Exercise details> Your task is to filter the entries and copy every line containing the string "records".

==========

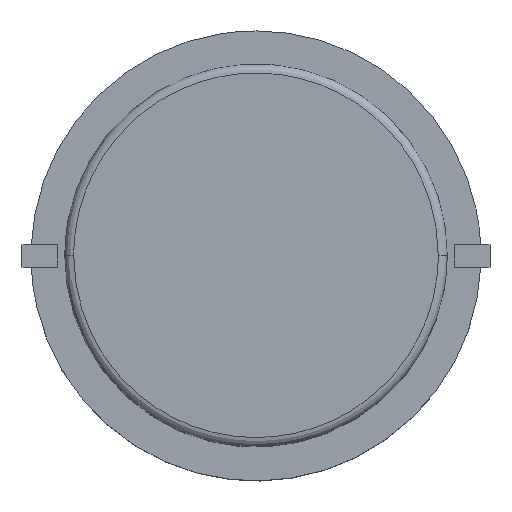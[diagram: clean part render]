
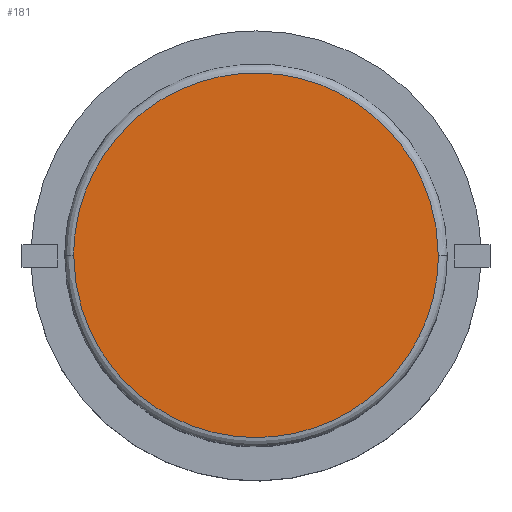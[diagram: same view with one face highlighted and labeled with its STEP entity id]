
A CAD part, top view. The second image highlights one B-rep face of the part: STEP entity #181.
In plain terms, the highlighted planar face has unit normal (0, 0, -1).
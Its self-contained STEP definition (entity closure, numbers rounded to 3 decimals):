
#181=ADVANCED_FACE('',(#315),#1977,.T.);
#315=FACE_OUTER_BOUND('',#450,.T.);
#450=EDGE_LOOP('',(#626,#627));
#626=ORIENTED_EDGE('',*,*,#1243,.F.);
#627=ORIENTED_EDGE('',*,*,#1231,.F.);
#1231=EDGE_CURVE('',#1788,#1795,#1546,.T.);
#1243=EDGE_CURVE('',#1795,#1788,#1558,.T.);
#1546=(
BOUNDED_CURVE()
B_SPLINE_CURVE(3,(#2840,#2841,#2842,#2843,#2844,#2845,#2846,#2847,#2848,
#2849,#2850,#2851,#2852,#2853,#2854,#2855,#2856,#2857,#2858,#2859,#2860,
#2861,#2862,#2863,#2864),.UNSPECIFIED.,.F.,.F.)
B_SPLINE_CURVE_WITH_KNOTS((4,3,3,3,3,3,3,3,4),(0.,1.527,3.181,
4.835,6.362,7.888,9.542,11.196,
12.723),.UNSPECIFIED.)
CURVE()
GEOMETRIC_REPRESENTATION_ITEM()
RATIONAL_B_SPLINE_CURVE((1.,1.,1.,1.,1.,1.,1.,1.,1.,1.,1.,
1.,1.,1.,1.,1.,1.,
1.,1.,1.,1.,1.,1.,1.,1.))
REPRESENTATION_ITEM('')
);
#1558=(
BOUNDED_CURVE()
B_SPLINE_CURVE(3,(#2948,#2949,#2950,#2951,#2952,#2953,#2954,#2955,#2956,
#2957,#2958,#2959,#2960,#2961,#2962,#2963,#2964,#2965,#2966,#2967,#2968,
#2969,#2970,#2971,#2972),.UNSPECIFIED.,.F.,.F.)
B_SPLINE_CURVE_WITH_KNOTS((4,3,3,3,3,3,3,3,4),(12.723,14.25,
15.904,17.558,19.085,20.611,22.265,
23.92,25.446),.UNSPECIFIED.)
CURVE()
GEOMETRIC_REPRESENTATION_ITEM()
RATIONAL_B_SPLINE_CURVE((1.,1.,1.,1.,1.,1.,1.,1.,
1.,1.,1.,1.,1.,
1.,1.,1.,1.,1.,1.,1.,1.,1.,1.,1.,1.))
REPRESENTATION_ITEM('')
);
#1788=VERTEX_POINT('',#2749);
#1795=VERTEX_POINT('',#2756);
#1977=PLANE('',#2125);
#2125=AXIS2_PLACEMENT_3D('',#2478,#2162,$);
#2162=DIRECTION('',(0.,0.,-1.));
#2478=CARTESIAN_POINT('',(-5.313,-5.313,11.6));
#2749=CARTESIAN_POINT('',(4.05,0.,11.6));
#2756=CARTESIAN_POINT('',(-4.05,0.,11.6));
#2840=CARTESIAN_POINT('',(4.05,0.,11.6));
#2841=CARTESIAN_POINT('',(4.05,0.509,11.6));
#2842=CARTESIAN_POINT('',(3.953,1.018,11.6));
#2843=CARTESIAN_POINT('',(3.766,1.491,11.6));
#2844=CARTESIAN_POINT('',(3.563,2.003,11.6));
#2845=CARTESIAN_POINT('',(3.254,2.474,11.6));
#2846=CARTESIAN_POINT('',(2.864,2.864,11.6));
#2847=CARTESIAN_POINT('',(2.474,3.254,11.6));
#2848=CARTESIAN_POINT('',(2.003,3.563,11.6));
#2849=CARTESIAN_POINT('',(1.491,3.766,11.6));
#2850=CARTESIAN_POINT('',(1.018,3.953,11.6));
#2851=CARTESIAN_POINT('',(0.509,4.05,11.6));
#2852=CARTESIAN_POINT('',(0.,4.05,11.6));
#2853=CARTESIAN_POINT('',(-0.509,4.05,11.6));
#2854=CARTESIAN_POINT('',(-1.018,3.953,11.6));
#2855=CARTESIAN_POINT('',(-1.491,3.766,11.6));
#2856=CARTESIAN_POINT('',(-2.003,3.563,11.6));
#2857=CARTESIAN_POINT('',(-2.474,3.254,11.6));
#2858=CARTESIAN_POINT('',(-2.864,2.864,11.6));
#2859=CARTESIAN_POINT('',(-3.254,2.474,11.6));
#2860=CARTESIAN_POINT('',(-3.563,2.003,11.6));
#2861=CARTESIAN_POINT('',(-3.766,1.491,11.6));
#2862=CARTESIAN_POINT('',(-3.953,1.018,11.6));
#2863=CARTESIAN_POINT('',(-4.05,0.509,11.6));
#2864=CARTESIAN_POINT('',(-4.05,0.,11.6));
#2948=CARTESIAN_POINT('',(-4.05,0.,11.6));
#2949=CARTESIAN_POINT('',(-4.05,-0.509,11.6));
#2950=CARTESIAN_POINT('',(-3.953,-1.018,11.6));
#2951=CARTESIAN_POINT('',(-3.766,-1.491,11.6));
#2952=CARTESIAN_POINT('',(-3.563,-2.003,11.6));
#2953=CARTESIAN_POINT('',(-3.254,-2.474,11.6));
#2954=CARTESIAN_POINT('',(-2.864,-2.864,11.6));
#2955=CARTESIAN_POINT('',(-2.474,-3.254,11.6));
#2956=CARTESIAN_POINT('',(-2.003,-3.563,11.6));
#2957=CARTESIAN_POINT('',(-1.491,-3.766,11.6));
#2958=CARTESIAN_POINT('',(-1.018,-3.953,11.6));
#2959=CARTESIAN_POINT('',(-0.509,-4.05,11.6));
#2960=CARTESIAN_POINT('',(0.,-4.05,11.6));
#2961=CARTESIAN_POINT('',(0.509,-4.05,11.6));
#2962=CARTESIAN_POINT('',(1.018,-3.953,11.6));
#2963=CARTESIAN_POINT('',(1.491,-3.766,11.6));
#2964=CARTESIAN_POINT('',(2.003,-3.563,11.6));
#2965=CARTESIAN_POINT('',(2.474,-3.254,11.6));
#2966=CARTESIAN_POINT('',(2.864,-2.864,11.6));
#2967=CARTESIAN_POINT('',(3.254,-2.474,11.6));
#2968=CARTESIAN_POINT('',(3.563,-2.003,11.6));
#2969=CARTESIAN_POINT('',(3.766,-1.491,11.6));
#2970=CARTESIAN_POINT('',(3.953,-1.018,11.6));
#2971=CARTESIAN_POINT('',(4.05,-0.509,11.6));
#2972=CARTESIAN_POINT('',(4.05,0.,11.6));
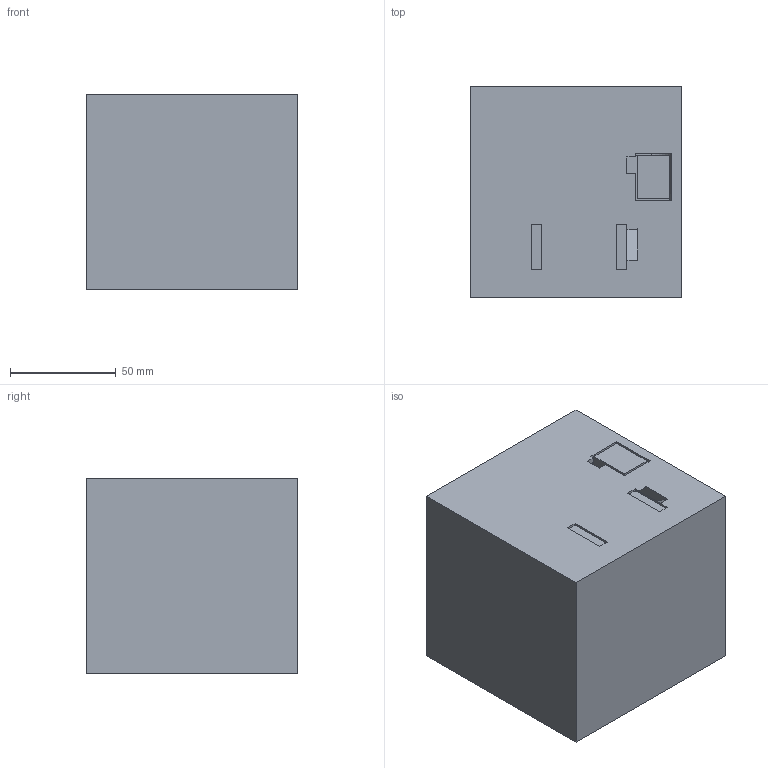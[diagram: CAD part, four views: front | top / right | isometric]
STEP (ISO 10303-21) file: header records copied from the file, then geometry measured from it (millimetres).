
FILE_DESCRIPTION(('STEP AP242'), '1');
FILE_NAME('air-1-weird', '2023-03-30T20:15:09', ('Fedor'), (''), 'C3D Converter', 'C3D Toolkit', '');
FILE_SCHEMA(('AP242_MANAGED_MODEL_BASED_3D_ENGINEERING_MIM_LF { 1 0 10303 442 1 1 4 }'));
Length unit declared in the file: millimetre
Bounding box: 100 x 100 x 92.5 mm (x, y, z)
Volume: 913966.4 mm3; surface area: 70992.5 mm2
Topology: 1 solids, 2 shells, 143 faces, 423 edges, 279 vertices
Faces by surface type: plane 74, bspline 35, cylinder 20, cone 6, torus 4, sphere 4
Full cylindrical faces by diameter (mm): 0.4 x1, 1.5 x1, 2 x1, 2.5 x2, 3 x3, 5 x2, 6 x1
Entity records: 21179 total; most frequent: CARTESIAN_POINT 16637, ORIENTED_EDGE 762, DIRECTION 540, EDGE_CURVE 381, VERTEX_POINT 268, EDGE_LOOP 189, LINE 184, VECTOR 184

==========

Exercise output>
STEP (ISO 10303-21) file: header records copied from the file, then geometry measured from it (millimetres).
Entity records: 21179 total; most frequent: CARTESIAN_POINT 16637, ORIENTED_EDGE 762, DIRECTION 540, EDGE_CURVE 381, VERTEX_POINT 268, EDGE_LOOP 189, LINE 184, VECTOR 184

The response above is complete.